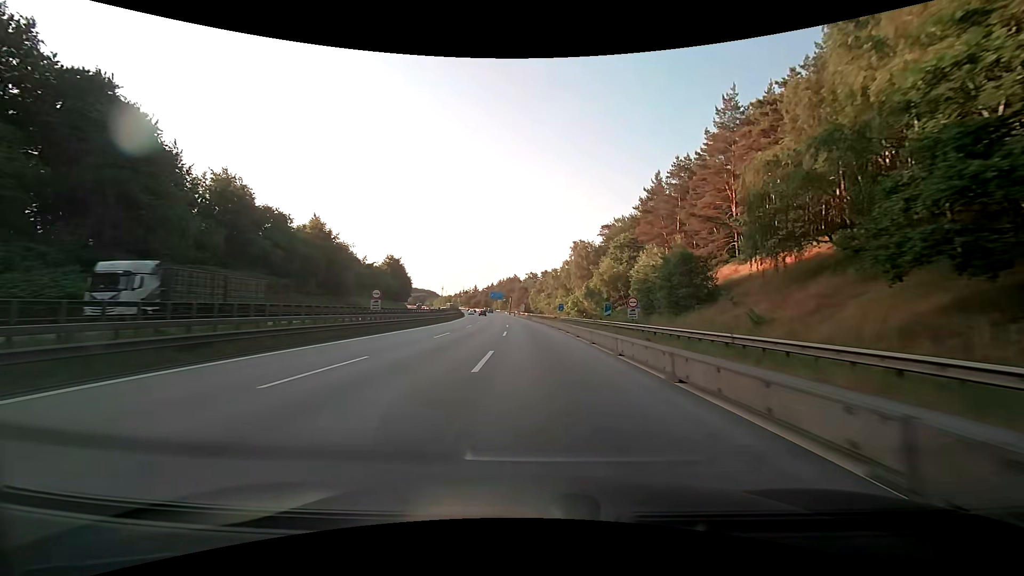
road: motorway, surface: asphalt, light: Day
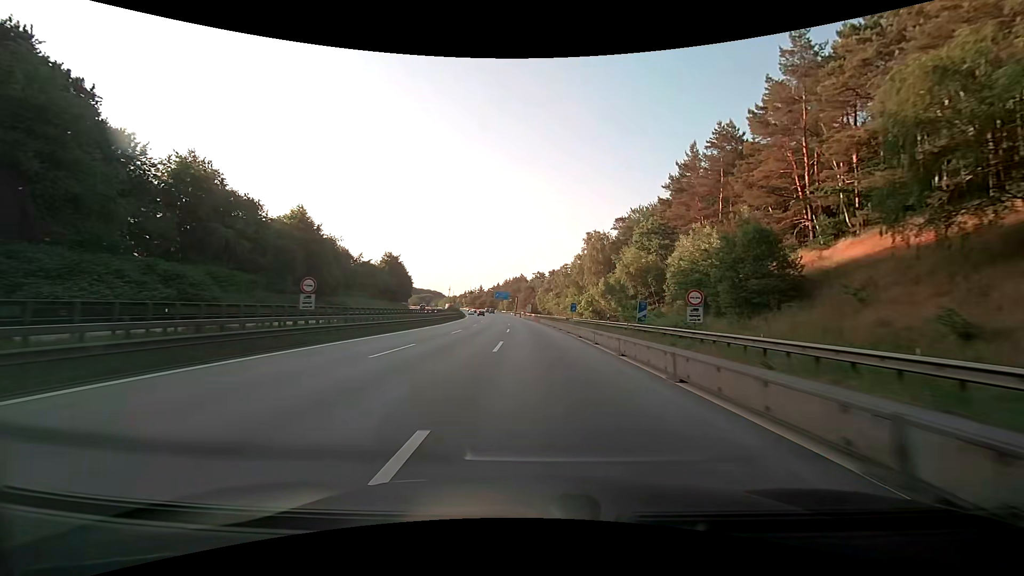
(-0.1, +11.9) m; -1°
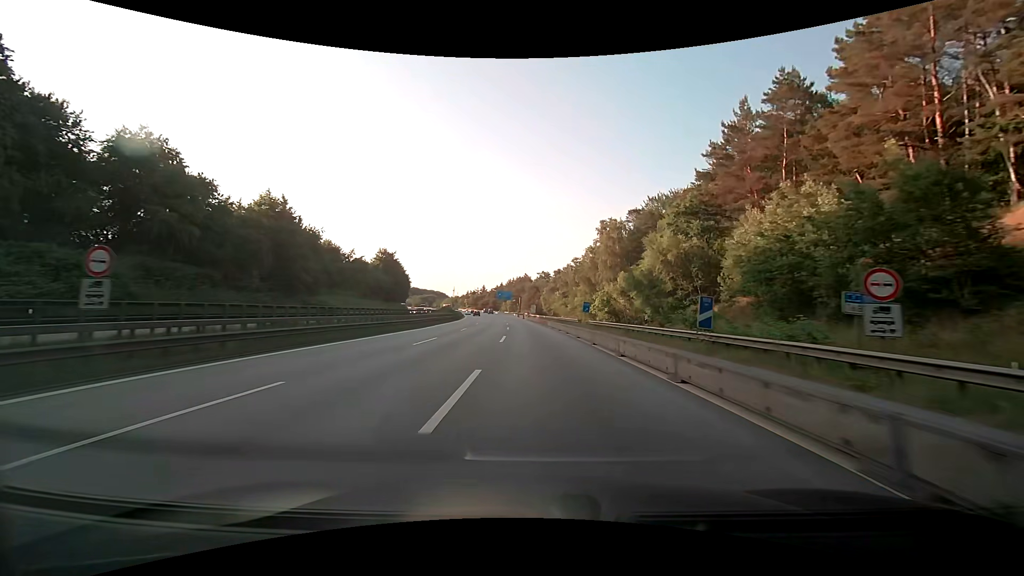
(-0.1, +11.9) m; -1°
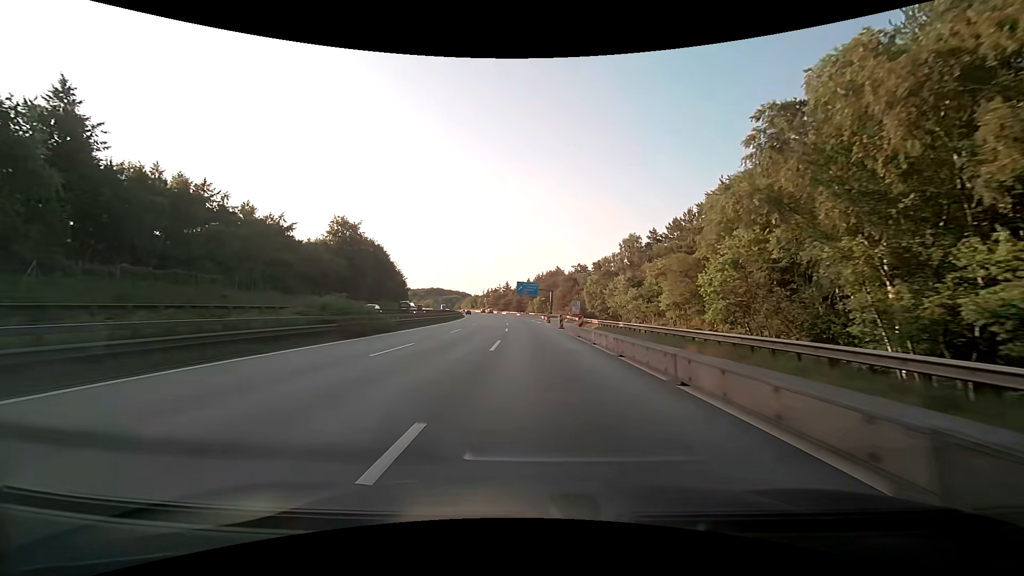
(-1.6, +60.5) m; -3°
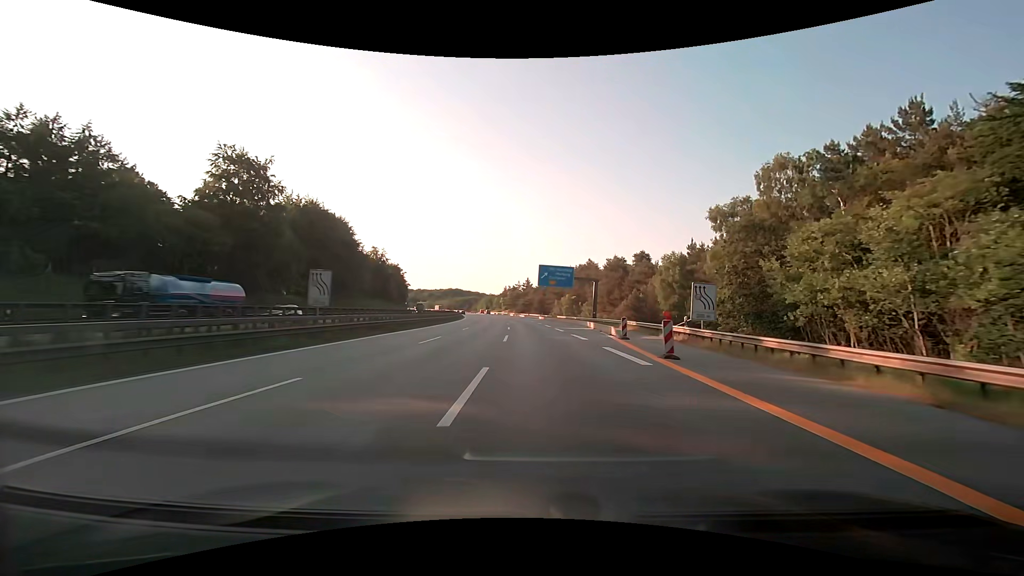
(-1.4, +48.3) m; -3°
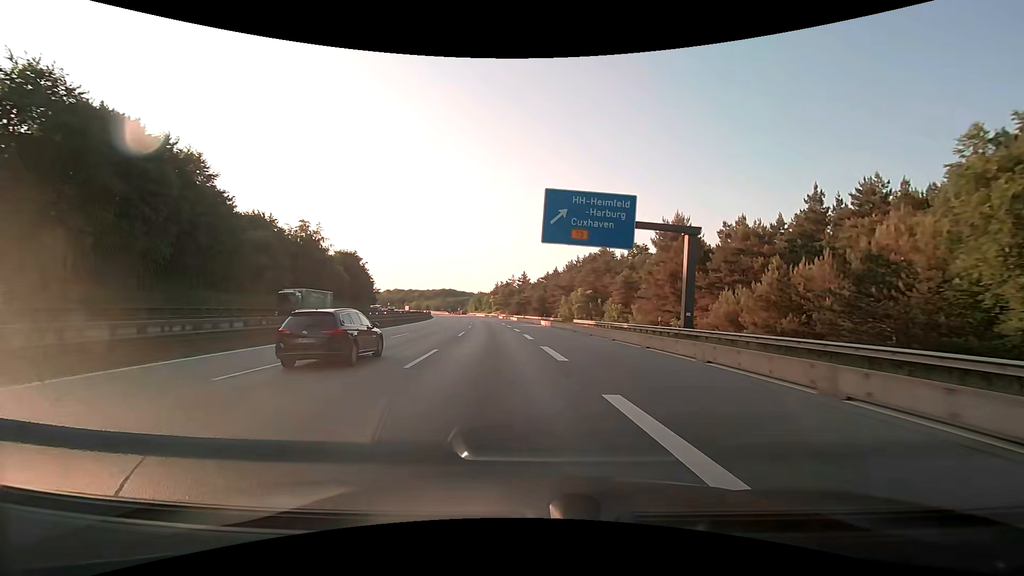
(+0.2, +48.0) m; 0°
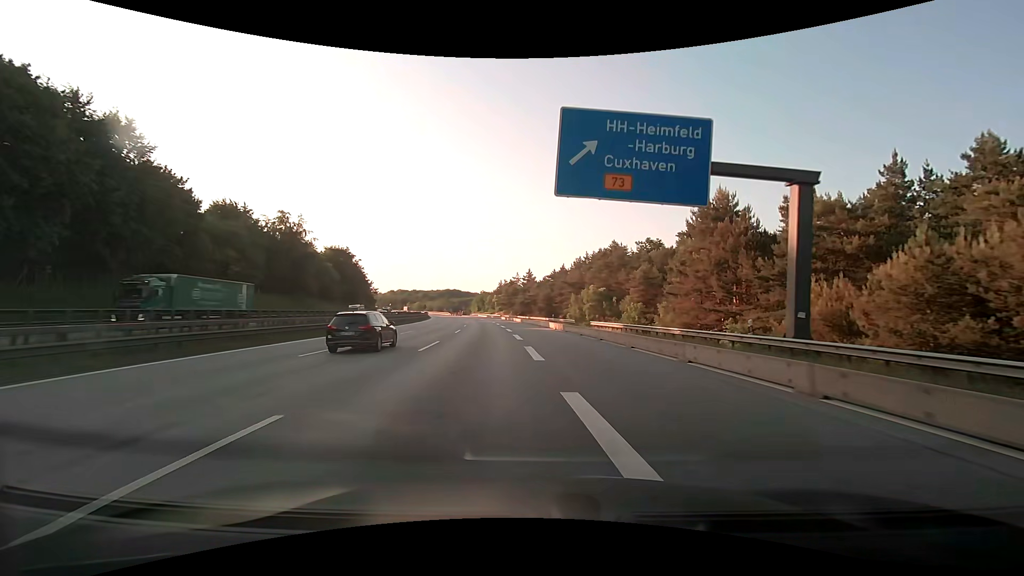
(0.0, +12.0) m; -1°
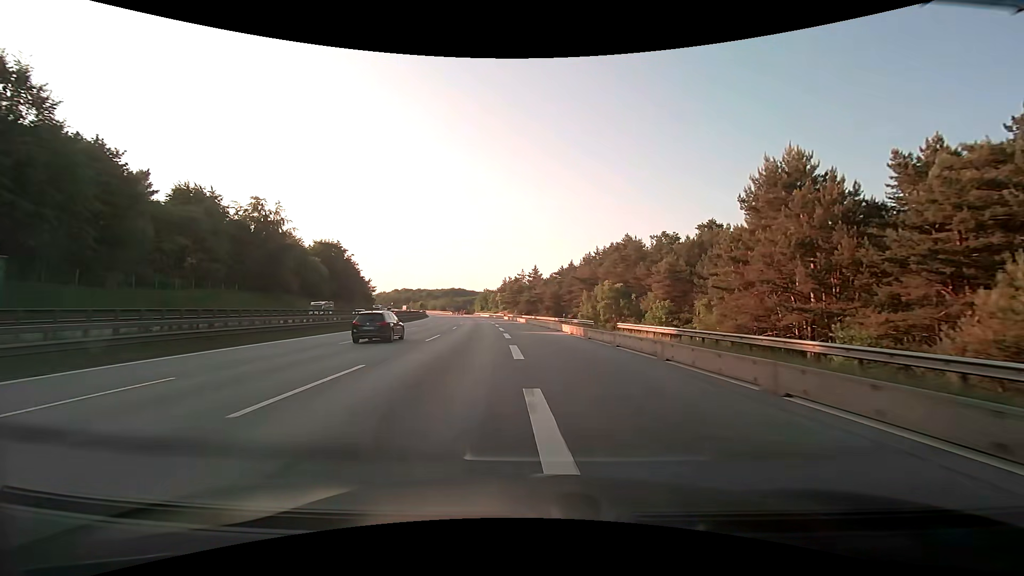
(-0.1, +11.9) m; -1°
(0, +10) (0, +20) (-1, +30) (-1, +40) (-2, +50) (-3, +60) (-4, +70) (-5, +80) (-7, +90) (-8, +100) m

+---+

Above are the records; reproduce them exactly and leave out the pictures.

## Output
road: motorway, surface: asphalt, light: Day
(-0.1, +11.9) m; -1°
(-0.1, +11.9) m; -1°
(-1.6, +60.5) m; -3°
(-1.4, +48.3) m; -3°
(+0.2, +48.0) m; 0°
(0.0, +12.0) m; -1°
(-0.1, +11.9) m; -1°
(0, +10) (0, +20) (-1, +30) (-1, +40) (-2, +50) (-3, +60) (-4, +70) (-5, +80) (-7, +90) (-8, +100) m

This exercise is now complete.